Published online by Cambridge University Press: 11 August 2009
EDITORS' INTRODUCTION
The evolution of cultural psychiatry over the last few decades has been an interesting phenomenon to observe. Psychiatry is perhaps one of the younger disciplines of medicine. The coming of age of psychiatry as a profession was clearly linked with the development of training and laying claim to a knowledge base which gradually has become more evidence based. The period between the two world wars led to greater questioning of social factors in the aetiology and management of psychiatric disorders. In the UK at least, social psychiatry as a discipline became clearly established and produced impressive studies on life events and their impact on phenomenology, attachment and other social factors. In the last two decades, it would appear that social psychiatry has transmogrified into cultural psychiatry.
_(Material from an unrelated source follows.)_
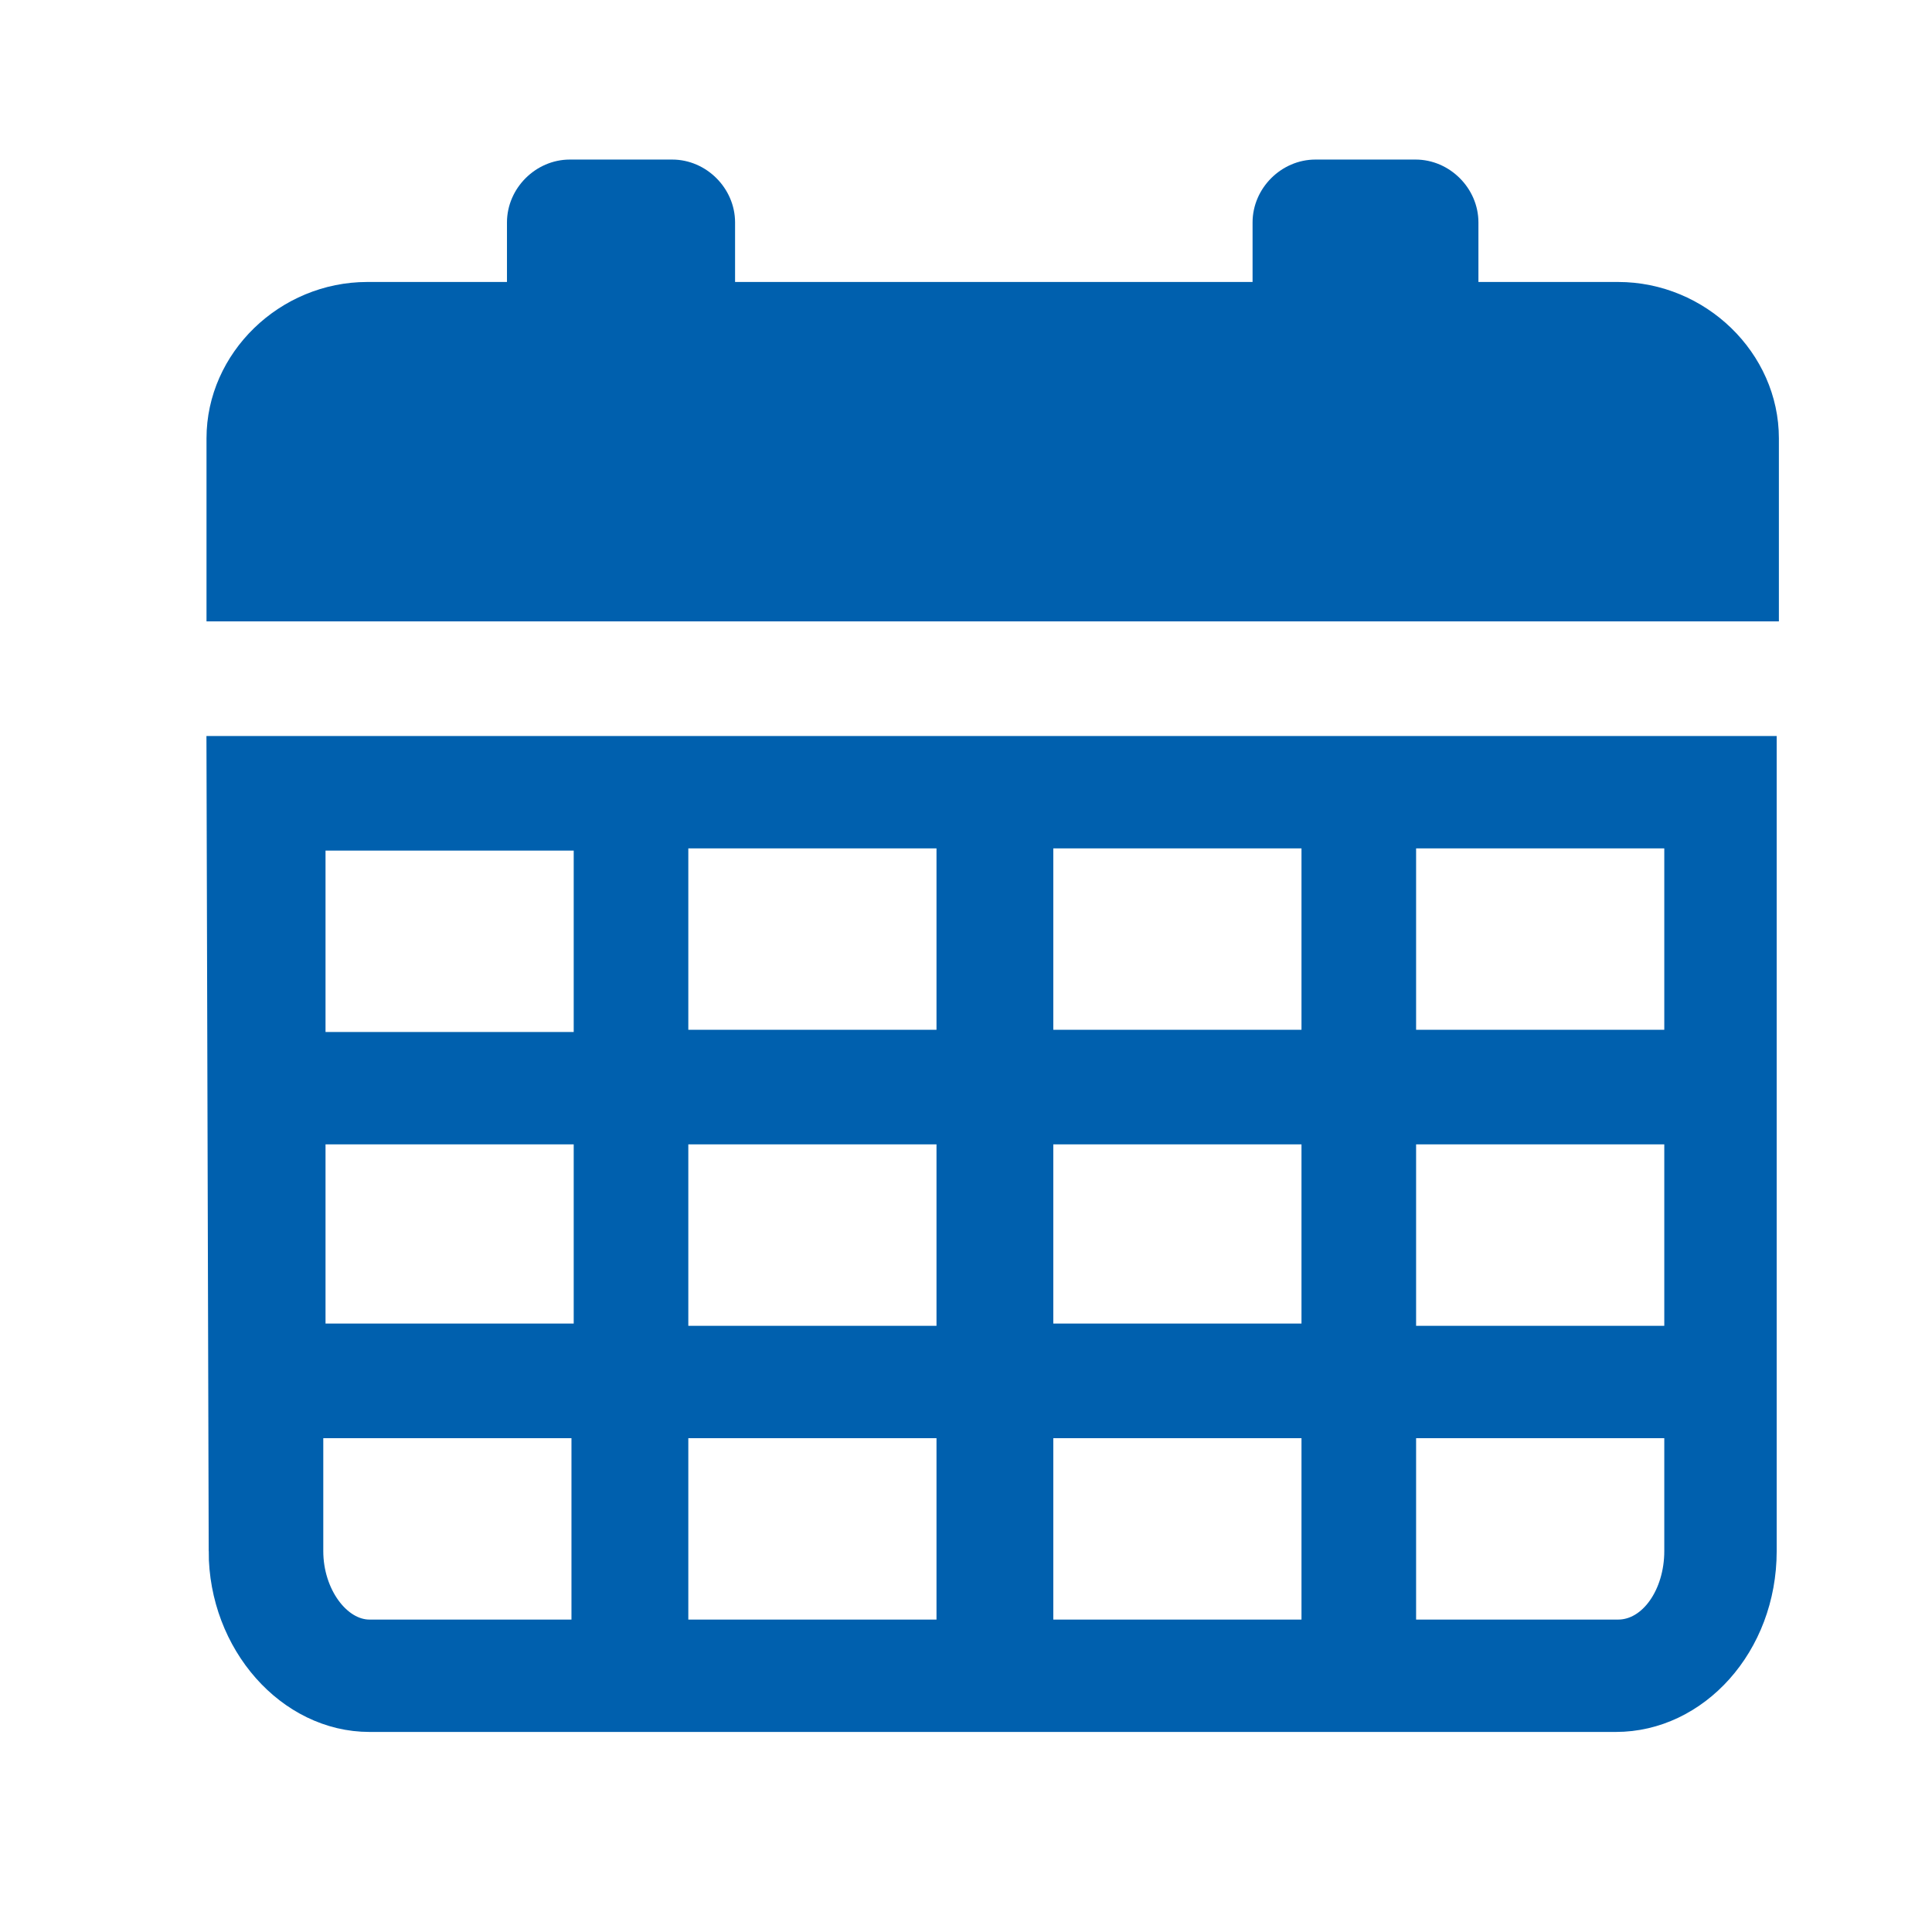 <?xml version="1.0" encoding="UTF-8"?><svg id="Layer_1" xmlns="http://www.w3.org/2000/svg" viewBox="0 0 500 500"><defs><style>.cls-1,.cls-2{fill:#0060ae;stroke:#0060ae;stroke-miterlimit:10;stroke-width:4.89px;}.cls-2{fill-rule:evenodd;}</style></defs><g id="icons"><g><path class="cls-2" d="M418.76,75.42h-38.59v-17.86c0-7.49-6.34-13.82-13.82-13.82h-25.92c-7.49,0-13.82,6.34-13.82,13.82v17.86H187.79v-17.86c0-7.49-6.34-13.82-13.82-13.82h-26.5c-7.49,0-13.82,6.34-13.82,13.82v17.86h-38.59c-21.31,0-39.17,17.28-39.17,38.02v44.93H457.93v-44.93c0-20.74-17.86-38.02-39.17-38.02h0Z"/><path class="cls-1" d="M150.92,217.69v51.84H81.8v-51.84h69.12Zm282.24,51.26h-69.12v-51.84h69.12v51.84h0Zm-14.4,152.64h-54.72v-51.84h69.12v31.68c0,10.94-6.34,20.16-14.4,20.16Zm-267.84-76.61H81.8v-51.26h69.12v51.26h0Zm93.89-51.26v51.84h-69.12v-51.84h69.12Zm0-24.77h-69.12v-51.84h69.12v51.84Zm25.34,0v-51.84h69.12v51.84h-69.12Zm-25.34,152.64h-69.12v-51.84h69.12v51.84Zm25.34-51.84h69.12v51.84h-69.12v-51.84Zm93.89-76.03h69.12v51.84h-69.12v-51.84Zm-24.77,51.26h-69.12v-51.26h69.12v51.26Zm-258.05,56.45v-31.68h69.12v51.84h-54.72c-7.49,0-14.4-9.22-14.4-20.16h0Zm-24.77,0c0,24.19,17.86,44.35,39.17,44.35H418.19c21.31,0,39.17-19.58,39.17-44.35V192.92H55.88l.58,208.51h0Z"/></g></g></svg>

Kirmayer, in this chapter, maps out the history of cultural psychiatry as a discipline. In addition, he raises the concerns related to this discipline, especially related to universality of psychopathology and healing practices, development of diverse service needs to black and ethnic minority groups and analysis of psychiatric theory and practice as products of a particular cultural history. Culture has been defined as a civilizing process which, in European history, Kirmayer asserts, had to do with the transformations from migratory groups to agrarian societies to city states and, eventually, nation states. The definition of culture in this context was related to standards of refinement and sophistication. The second definition of culture has to do with collective identity, which is based on historical lineage, language, religion, genetics or ethnicity.